■ **Recorded information**:
-*-

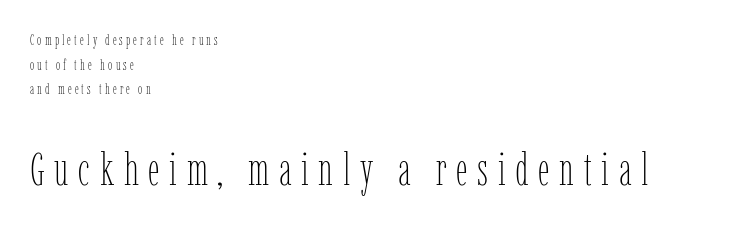
The image shows 46 px thin, condensed type, upright; set left-aligned, normal line spacing (1.64x), unusually wide letter spacing (+0.21 em), not underlined; the second (bottom) block is 3.07x larger; low stroke contrast and a medium x-height.
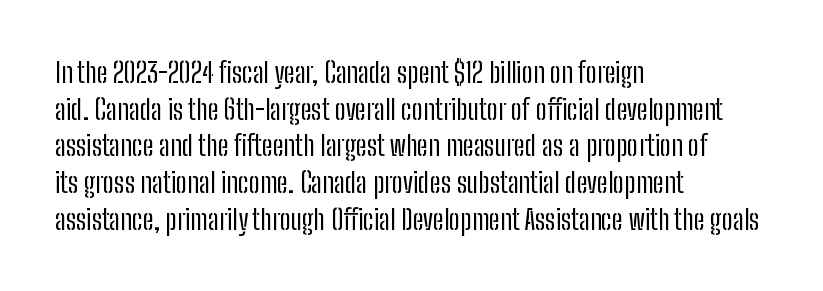
All the whitespace from short lines collects on the right. You can tell from the bare stems that sans-serif type was used. Do the characters align in a grid? No, the font is proportional. Nothing heavy about these letters — not bold at all. Descenders hang freely into open space. In terms of leading, this rendering sits right in the middle.
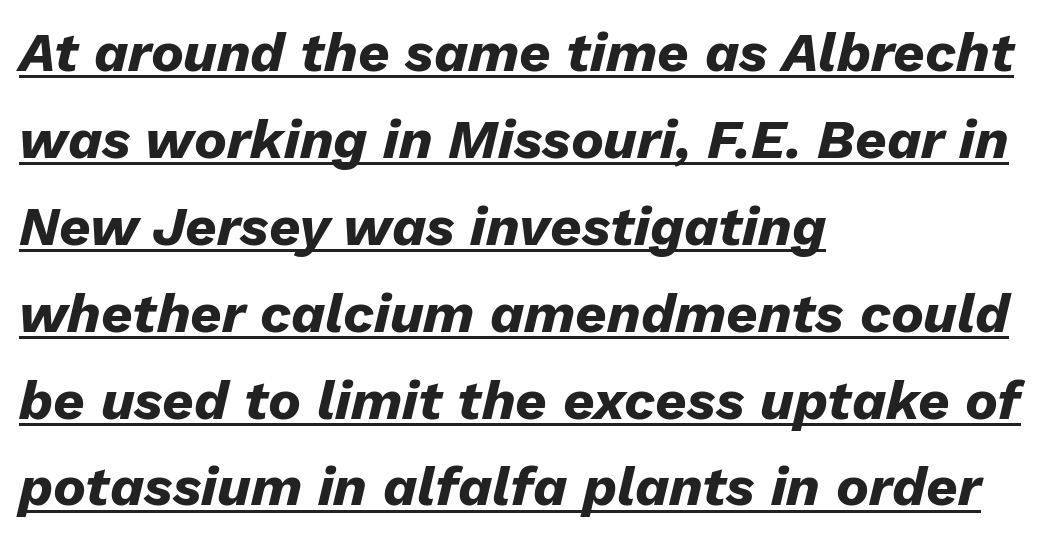
{"italic": "yes", "lean": "right", "slant_degrees": 13, "bold": "yes", "weight": "heavy", "width": "normal", "stroke_contrast": "low", "x_height": "medium", "monospaced": "no", "underline": "yes", "align": "left", "line_spacing": "normal", "line_spacing_ratio": 1.58, "letter_spacing": "normal", "letter_spacing_em": 0.0, "glyph_px": 55}
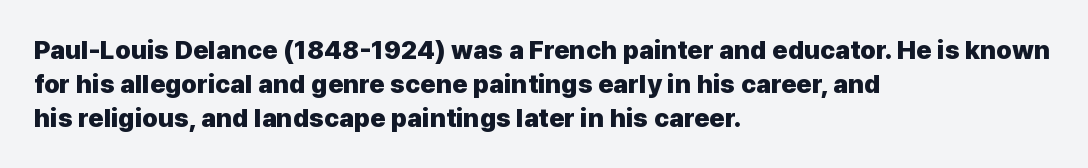
{"italic": "no", "bold": "yes", "underline": "no", "align": "left", "line_spacing": "normal", "line_spacing_ratio": 1.3, "letter_spacing": "normal", "letter_spacing_em": 0.0, "glyph_px": 26}

-*-

■ **Directions**: Leave the images out and transcribe the remaining data above word for word.

■ **The answer**:
The image shows 46 px thin, condensed type, upright; set left-aligned, normal line spacing (1.64x), unusually wide letter spacing (+0.21 em), not underlined; the second (bottom) block is 3.07x larger; low stroke contrast and a medium x-height.
All the whitespace from short lines collects on the right. You can tell from the bare stems that sans-serif type was used. Do the characters align in a grid? No, the font is proportional. Nothing heavy about these letters — not bold at all. Descenders hang freely into open space. In terms of leading, this rendering sits right in the middle.
{"italic": "yes", "lean": "right", "slant_degrees": 13, "bold": "yes", "weight": "heavy", "width": "normal", "stroke_contrast": "low", "x_height": "medium", "monospaced": "no", "underline": "yes", "align": "left", "line_spacing": "normal", "line_spacing_ratio": 1.58, "letter_spacing": "normal", "letter_spacing_em": 0.0, "glyph_px": 55}
{"italic": "no", "bold": "yes", "underline": "no", "align": "left", "line_spacing": "normal", "line_spacing_ratio": 1.3, "letter_spacing": "normal", "letter_spacing_em": 0.0, "glyph_px": 26}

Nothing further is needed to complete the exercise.